RECORDS PROVIDED below:
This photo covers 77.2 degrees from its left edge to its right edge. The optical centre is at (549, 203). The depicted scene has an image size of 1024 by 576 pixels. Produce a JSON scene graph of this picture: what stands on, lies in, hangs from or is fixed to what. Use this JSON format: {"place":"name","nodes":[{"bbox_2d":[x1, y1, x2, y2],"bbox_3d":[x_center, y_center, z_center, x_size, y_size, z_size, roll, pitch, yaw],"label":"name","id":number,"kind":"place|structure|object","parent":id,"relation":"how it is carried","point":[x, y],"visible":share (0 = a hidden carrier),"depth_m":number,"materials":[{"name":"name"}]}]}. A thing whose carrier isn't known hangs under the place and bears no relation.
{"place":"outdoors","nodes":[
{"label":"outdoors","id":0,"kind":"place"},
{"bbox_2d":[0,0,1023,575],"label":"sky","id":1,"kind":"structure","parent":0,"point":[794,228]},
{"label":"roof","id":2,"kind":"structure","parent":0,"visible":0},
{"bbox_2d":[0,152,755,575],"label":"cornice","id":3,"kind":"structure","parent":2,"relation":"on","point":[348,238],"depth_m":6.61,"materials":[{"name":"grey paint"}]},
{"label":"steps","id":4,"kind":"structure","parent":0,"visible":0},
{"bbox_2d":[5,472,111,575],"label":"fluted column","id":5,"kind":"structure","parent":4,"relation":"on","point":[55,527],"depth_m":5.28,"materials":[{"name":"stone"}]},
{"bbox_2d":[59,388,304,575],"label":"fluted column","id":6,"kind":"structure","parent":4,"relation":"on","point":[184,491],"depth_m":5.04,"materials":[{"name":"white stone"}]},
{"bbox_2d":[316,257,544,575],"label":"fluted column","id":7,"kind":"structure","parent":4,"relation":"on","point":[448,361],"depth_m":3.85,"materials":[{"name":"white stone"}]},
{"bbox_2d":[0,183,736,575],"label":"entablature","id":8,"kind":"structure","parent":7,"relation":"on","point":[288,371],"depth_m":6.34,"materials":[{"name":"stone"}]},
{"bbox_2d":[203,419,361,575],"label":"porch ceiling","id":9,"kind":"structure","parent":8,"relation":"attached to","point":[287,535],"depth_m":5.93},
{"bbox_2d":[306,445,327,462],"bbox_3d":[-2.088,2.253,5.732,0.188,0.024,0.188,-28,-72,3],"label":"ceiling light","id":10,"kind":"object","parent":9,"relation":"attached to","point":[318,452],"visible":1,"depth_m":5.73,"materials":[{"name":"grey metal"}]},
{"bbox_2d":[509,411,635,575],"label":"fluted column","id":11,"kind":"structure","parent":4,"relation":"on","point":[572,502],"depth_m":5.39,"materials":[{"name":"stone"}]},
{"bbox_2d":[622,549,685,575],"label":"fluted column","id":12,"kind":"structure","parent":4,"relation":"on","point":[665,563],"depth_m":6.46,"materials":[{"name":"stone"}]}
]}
End of RECORDS PROVIDED.
§ **THE TASK**:
Having read the material, return all of it word for word.

§ **SOLUTION TO THE EXERCISE**:
This photo covers 77.2 degrees from its left edge to its right edge. The optical centre is at (549, 203). The depicted scene has an image size of 1024 by 576 pixels. Produce a JSON scene graph of this picture: what stands on, lies in, hangs from or is fixed to what. Use this JSON format: {"place":"name","nodes":[{"bbox_2d":[x1, y1, x2, y2],"bbox_3d":[x_center, y_center, z_center, x_size, y_size, z_size, roll, pitch, yaw],"label":"name","id":number,"kind":"place|structure|object","parent":id,"relation":"how it is carried","point":[x, y],"visible":share (0 = a hidden carrier),"depth_m":number,"materials":[{"name":"name"}]}]}. A thing whose carrier isn't known hangs under the place and bears no relation.
{"place":"outdoors","nodes":[
{"label":"outdoors","id":0,"kind":"place"},
{"bbox_2d":[0,0,1023,575],"label":"sky","id":1,"kind":"structure","parent":0,"point":[794,228]},
{"label":"roof","id":2,"kind":"structure","parent":0,"visible":0},
{"bbox_2d":[0,152,755,575],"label":"cornice","id":3,"kind":"structure","parent":2,"relation":"on","point":[348,238],"depth_m":6.61,"materials":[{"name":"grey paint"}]},
{"label":"steps","id":4,"kind":"structure","parent":0,"visible":0},
{"bbox_2d":[5,472,111,575],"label":"fluted column","id":5,"kind":"structure","parent":4,"relation":"on","point":[55,527],"depth_m":5.28,"materials":[{"name":"stone"}]},
{"bbox_2d":[59,388,304,575],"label":"fluted column","id":6,"kind":"structure","parent":4,"relation":"on","point":[184,491],"depth_m":5.04,"materials":[{"name":"white stone"}]},
{"bbox_2d":[316,257,544,575],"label":"fluted column","id":7,"kind":"structure","parent":4,"relation":"on","point":[448,361],"depth_m":3.85,"materials":[{"name":"white stone"}]},
{"bbox_2d":[0,183,736,575],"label":"entablature","id":8,"kind":"structure","parent":7,"relation":"on","point":[288,371],"depth_m":6.34,"materials":[{"name":"stone"}]},
{"bbox_2d":[203,419,361,575],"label":"porch ceiling","id":9,"kind":"structure","parent":8,"relation":"attached to","point":[287,535],"depth_m":5.93},
{"bbox_2d":[306,445,327,462],"bbox_3d":[-2.088,2.253,5.732,0.188,0.024,0.188,-28,-72,3],"label":"ceiling light","id":10,"kind":"object","parent":9,"relation":"attached to","point":[318,452],"visible":1,"depth_m":5.73,"materials":[{"name":"grey metal"}]},
{"bbox_2d":[509,411,635,575],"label":"fluted column","id":11,"kind":"structure","parent":4,"relation":"on","point":[572,502],"depth_m":5.39,"materials":[{"name":"stone"}]},
{"bbox_2d":[622,549,685,575],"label":"fluted column","id":12,"kind":"structure","parent":4,"relation":"on","point":[665,563],"depth_m":6.46,"materials":[{"name":"stone"}]}
]}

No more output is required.